[P_stage] - week 17 day 1

eric9687·2021년 11월 22일

Naver_Boostcamp_AITech2기 모델 경량화

[week17] 2021/11/22

강의 리뷰

모델최적화 1강 - 최적화 소개

경량화의 목적
- on device limitation:
  - Power usage(battery)
  - RAM Memory usage
  - storage
  - computing power
- on cloud
  : 배터리, 저장공간, 연산능력의 제약은 줄어드나, latency와 throughput의 제약이 존재
- computation as a key component of AI progress
  : 모델의 연산량(크기)가 점점 증가해간다.
경량화,최적화의 종류
(네트워크 구조 관점)
- Efficient Architecture Design(+AutoML;Neural architecture search(NAS))
: 사람의 직관보다 상회하는 성능의 모듈들을 찾아낼수 있음
- Network Pruning(가지치기)
: 중요도가 낮은 파라미터를 제거하는 것, 좋은 중요도를 정의, 찾는것이 주요 연구 토픽중 하나.
- structured pruning
: 파라미터를 그룹단위로 pruning하는 기법들을 총칭(그룹;channel/filter,layer등), Dense computation에 최적화된 소프트웨어 또는 하드웨어에 적합한 기법

- unstructured pruning
: 파라미터를 각각 독립적으로 prunin하는 기법, pruning을 수행할수록 네트워크 내부의 행렬이 점차 희소(sparse)해짐. srtuctured pruning과 달리 sparse computation에 쵲거화된 소프트웨어 또는 하드웨어에 적합한 기법.

- Knowledge Distillation
: 학습된 큰 네트워크를 작은 네트워크의 학습 보조로 사용하는 방법. soft targets(soft outouts)에는 ground truth보다 더 많은 정보를 담고 있음.

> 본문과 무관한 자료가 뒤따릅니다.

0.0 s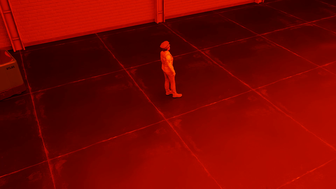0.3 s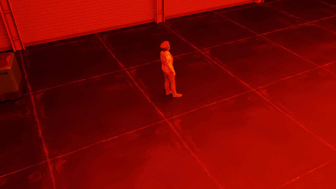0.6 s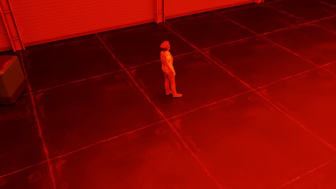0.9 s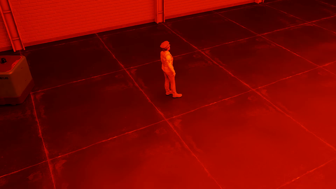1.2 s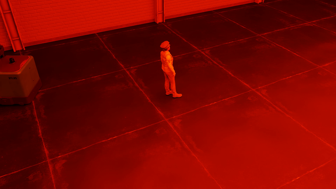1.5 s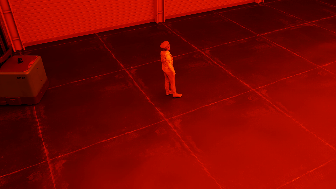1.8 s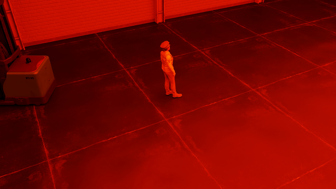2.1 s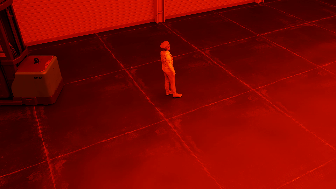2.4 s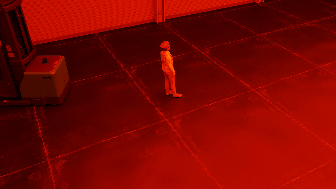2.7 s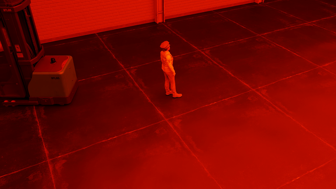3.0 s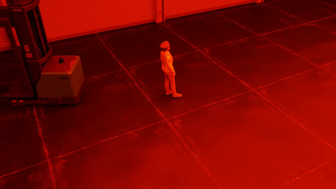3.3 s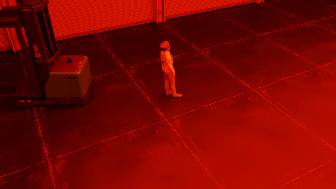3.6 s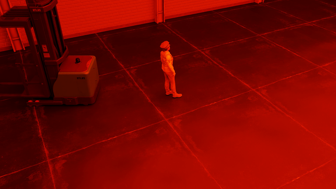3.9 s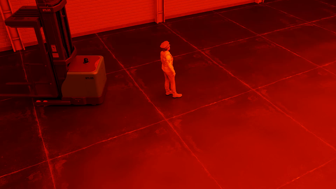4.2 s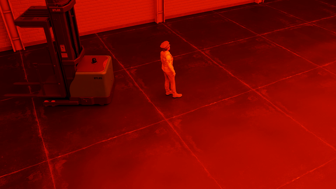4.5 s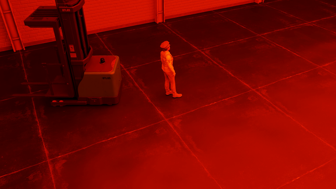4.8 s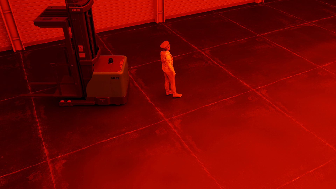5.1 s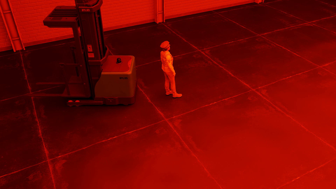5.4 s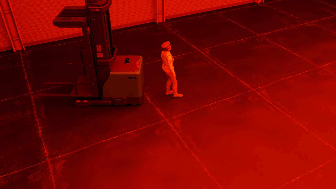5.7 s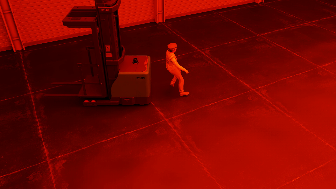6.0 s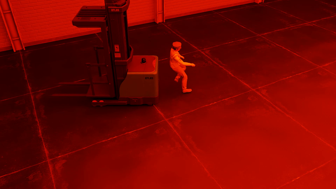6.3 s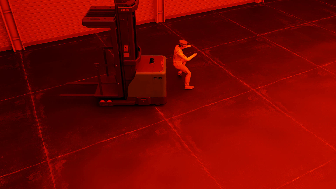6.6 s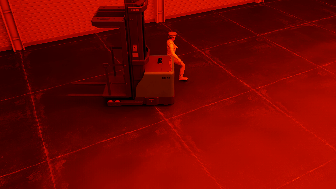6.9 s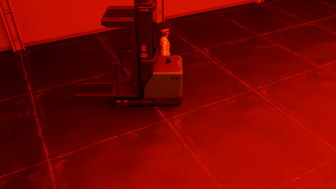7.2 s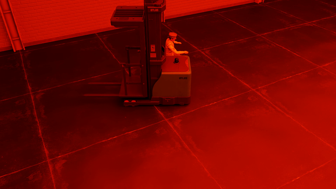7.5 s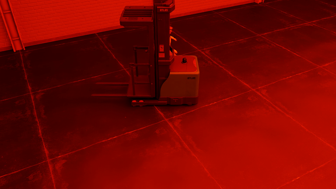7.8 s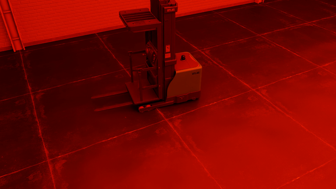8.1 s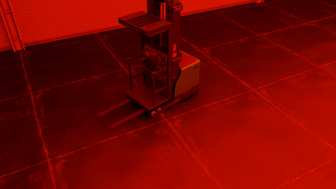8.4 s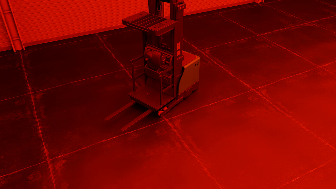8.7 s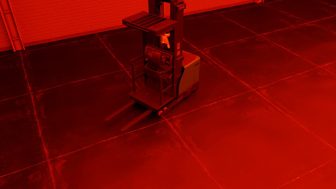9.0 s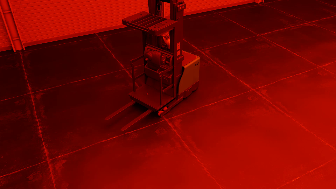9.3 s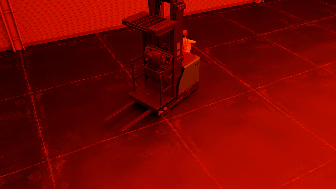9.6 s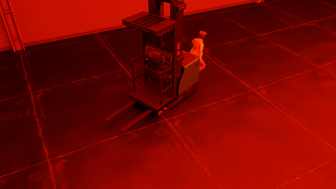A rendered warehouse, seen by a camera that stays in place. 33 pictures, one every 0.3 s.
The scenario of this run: Near miss between a forklift and a person.
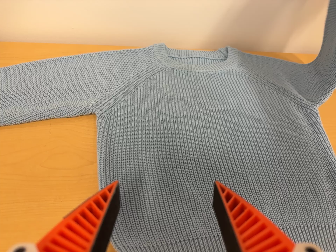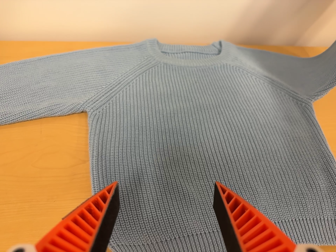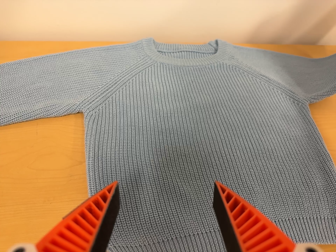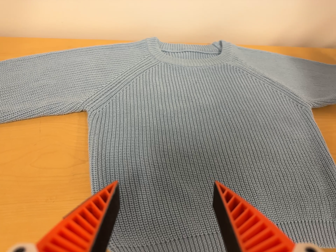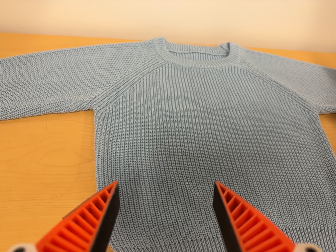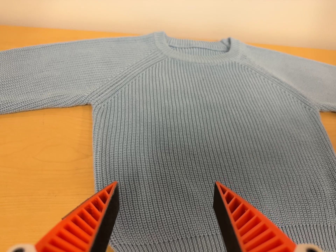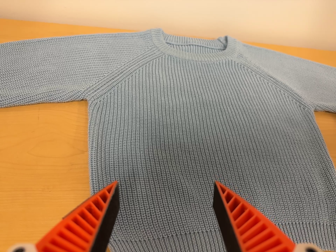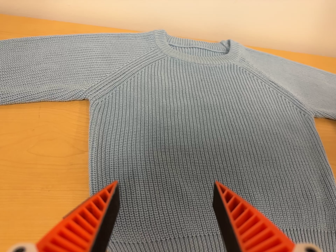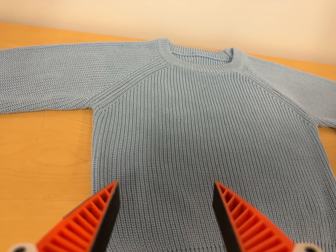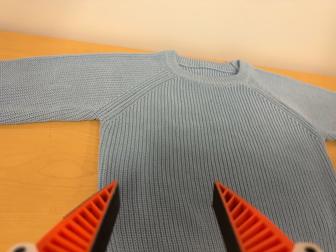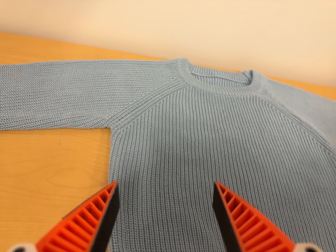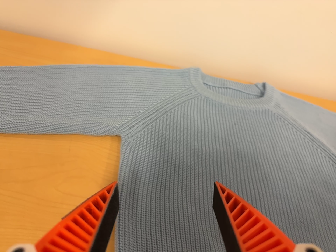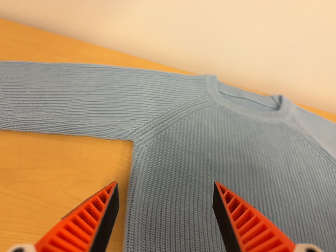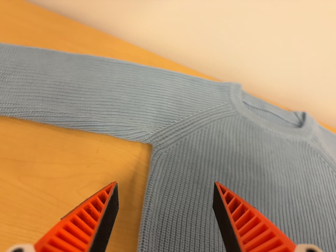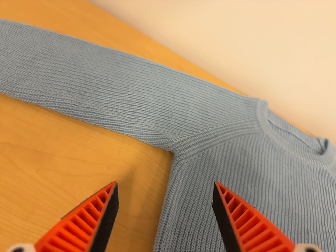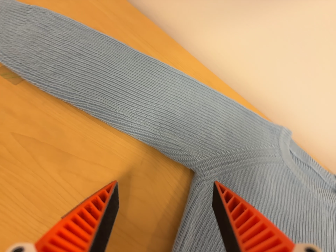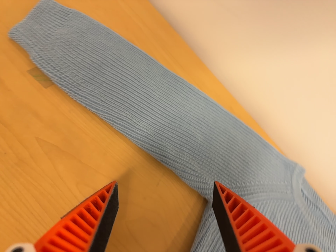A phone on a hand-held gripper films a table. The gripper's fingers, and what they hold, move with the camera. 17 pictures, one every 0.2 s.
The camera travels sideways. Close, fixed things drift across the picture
to the right.
The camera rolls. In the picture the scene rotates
clockwise.
0.0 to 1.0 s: The camera shifts only a little, or ends up much as it began.
1.0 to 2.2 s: The camera travels toward the top of its view and to its left, about 6 cm, so close, fixed things drift downward. It rolls about its line of sight by about 10 degrees, and the scene rotates clockwise.
2.2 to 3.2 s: The camera travels to its left, toward the top of its view and forward, about 16 cm, so close, fixed things drift to the right. It rolls about its line of sight by about 35 degrees, and the scene rotates clockwise.
The film runs backward here.

- Matrix/Tensor Decomposition
: 하나의 Tensor를 작은 Tensor들의 operation들의 조합(합,곱)으로 표현하는것. Cp decomposition:rank 1 vector들의 outer product의 합으로 tensor를 approximation.
(Hardware 관점)
- Network Quantization
: 일반적인 float 32데이터타입의 Network의 연산과정을 그보다 작은 크기의 제이터 타입으로 변환하여 연산을 수행. 사이즈 감소, 성능 약간 하락, 속도 향상추세
- Network Compiling
: 학습완료된 Network를 deploy하려는 target hardware에서 inference가 가능하도록 compile하는 것. 속도 향상. ex) TensorRT,Tflite,TVM.... compile과정에서, layer fusion(graph optimization)등의 최적화가 수행됨. layer fusion의 조합에 따라 성능차이가 발생.
모델 최적화 3강 - 작은 모델, 좋은 파라미터 찾기: AutoML이론
AutoML의 문제 정의
DL model Configuration
- 주요 타입 구분
  - categorical: optimizer, module(conv,bottleneck,...)
  - continuous: learning rate, regularizer param,
  - integer: batch_size,epochs,...
- Conditional: 한 configuration에 따라 search space가 달라진다.
AutoML Pipeline
Bayesian Optimization(BO) with Gaussian process regression

: 매 iteration마다,
1. $\lambda$ 를 sample(observation)
2. 해당 sample(configuration)로 DL모델을 학습
3. objective를 계산
4. surrogate model 업데이트
5. Acquisition function 업데이트
- Surrogate Model(function): f( $\lambda$ )의 regression model
  - Objective f( $\lambda$ )값을 예측하는 모델
  - objective를 estimate하는 surrogate model을 학습, 다음 좋은 $\lambda$ 를 선택하는 기준으로 사용
  - 대표적인 surrogate model로는 gaussian process regression(GPR) Model
- Acquisition Function: 다음은 어디를 trial하면 좋을지
  - surrogate model의 output으로부터, 다음시도해보면 좋을 $\lambda$ 를 계산하는 함수
  - Exploration(불확실한 지점) vs Exploitation(알고있는 가장 좋은 곳)
  - Aquisition function의 max지점을 다음 iteration에서 trial
  ex) Uper Confidence Bound(UCB)
Bayesian Optimization(BO) with Tree-structured Pasrzen Estimator
한계점
- $\lambda$ 로 학습을 반복하는 과정이 오래걸린다.